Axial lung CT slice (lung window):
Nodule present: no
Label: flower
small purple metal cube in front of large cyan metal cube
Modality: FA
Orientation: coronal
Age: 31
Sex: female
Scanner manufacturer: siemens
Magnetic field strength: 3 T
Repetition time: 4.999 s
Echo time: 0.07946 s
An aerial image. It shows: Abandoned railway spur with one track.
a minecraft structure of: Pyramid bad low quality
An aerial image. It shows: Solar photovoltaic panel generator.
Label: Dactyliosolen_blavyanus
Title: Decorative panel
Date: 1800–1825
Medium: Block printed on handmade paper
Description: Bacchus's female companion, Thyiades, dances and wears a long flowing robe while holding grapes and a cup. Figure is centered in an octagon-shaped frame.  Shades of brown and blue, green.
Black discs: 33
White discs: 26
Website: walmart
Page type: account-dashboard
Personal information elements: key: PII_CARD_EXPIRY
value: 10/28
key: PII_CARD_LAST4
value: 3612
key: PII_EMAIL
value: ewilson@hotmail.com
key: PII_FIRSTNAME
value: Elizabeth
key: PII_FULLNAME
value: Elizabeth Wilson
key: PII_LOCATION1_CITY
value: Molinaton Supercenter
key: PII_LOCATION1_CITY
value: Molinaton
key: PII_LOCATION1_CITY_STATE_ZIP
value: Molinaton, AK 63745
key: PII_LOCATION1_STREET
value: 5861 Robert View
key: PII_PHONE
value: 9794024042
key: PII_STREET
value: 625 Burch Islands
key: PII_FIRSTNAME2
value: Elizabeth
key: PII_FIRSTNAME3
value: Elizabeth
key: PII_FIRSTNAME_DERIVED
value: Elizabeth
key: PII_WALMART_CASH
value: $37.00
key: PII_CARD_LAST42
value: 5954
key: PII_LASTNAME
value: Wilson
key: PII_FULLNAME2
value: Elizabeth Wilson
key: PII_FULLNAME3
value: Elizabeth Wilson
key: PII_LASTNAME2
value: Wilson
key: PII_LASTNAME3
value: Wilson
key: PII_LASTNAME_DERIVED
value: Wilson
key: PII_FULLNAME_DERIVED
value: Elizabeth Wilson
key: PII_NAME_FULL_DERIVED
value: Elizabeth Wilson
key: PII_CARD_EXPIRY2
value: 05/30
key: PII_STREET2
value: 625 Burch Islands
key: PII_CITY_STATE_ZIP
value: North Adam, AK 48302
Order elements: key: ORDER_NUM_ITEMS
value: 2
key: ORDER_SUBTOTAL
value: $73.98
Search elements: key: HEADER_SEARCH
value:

****************************************

> [Instructions for the task]
Print all of the data exactly as it stands above.

> [Task result]
Axial lung CT slice (lung window):
Nodule present: no
Label: flower
small purple metal cube in front of large cyan metal cube
Modality: FA
Orientation: coronal
Age: 31
Sex: female
Scanner manufacturer: siemens
Magnetic field strength: 3 T
Repetition time: 4.999 s
Echo time: 0.07946 s
An aerial image. It shows: Abandoned railway spur with one track.
a minecraft structure of: Pyramid bad low quality
An aerial image. It shows: Solar photovoltaic panel generator.
Label: Dactyliosolen_blavyanus
Title: Decorative panel
Date: 1800–1825
Medium: Block printed on handmade paper
Description: Bacchus's female companion, Thyiades, dances and wears a long flowing robe while holding grapes and a cup. Figure is centered in an octagon-shaped frame.  Shades of brown and blue, green.
Black discs: 33
White discs: 26
Website: walmart
Page type: account-dashboard
Personal information elements: key: PII_CARD_EXPIRY
value: 10/28
key: PII_CARD_LAST4
value: 3612
key: PII_EMAIL
value: ewilson@hotmail.com
key: PII_FIRSTNAME
value: Elizabeth
key: PII_FULLNAME
value: Elizabeth Wilson
key: PII_LOCATION1_CITY
value: Molinaton Supercenter
key: PII_LOCATION1_CITY
value: Molinaton
key: PII_LOCATION1_CITY_STATE_ZIP
value: Molinaton, AK 63745
key: PII_LOCATION1_STREET
value: 5861 Robert View
key: PII_PHONE
value: 9794024042
key: PII_STREET
value: 625 Burch Islands
key: PII_FIRSTNAME2
value: Elizabeth
key: PII_FIRSTNAME3
value: Elizabeth
key: PII_FIRSTNAME_DERIVED
value: Elizabeth
key: PII_WALMART_CASH
value: $37.00
key: PII_CARD_LAST42
value: 5954
key: PII_LASTNAME
value: Wilson
key: PII_FULLNAME2
value: Elizabeth Wilson
key: PII_FULLNAME3
value: Elizabeth Wilson
key: PII_LASTNAME2
value: Wilson
key: PII_LASTNAME3
value: Wilson
key: PII_LASTNAME_DERIVED
value: Wilson
key: PII_FULLNAME_DERIVED
value: Elizabeth Wilson
key: PII_NAME_FULL_DERIVED
value: Elizabeth Wilson
key: PII_CARD_EXPIRY2
value: 05/30
key: PII_STREET2
value: 625 Burch Islands
key: PII_CITY_STATE_ZIP
value: North Adam, AK 48302
Order elements: key: ORDER_NUM_ITEMS
value: 2
key: ORDER_SUBTOTAL
value: $73.98
Search elements: key: HEADER_SEARCH
value:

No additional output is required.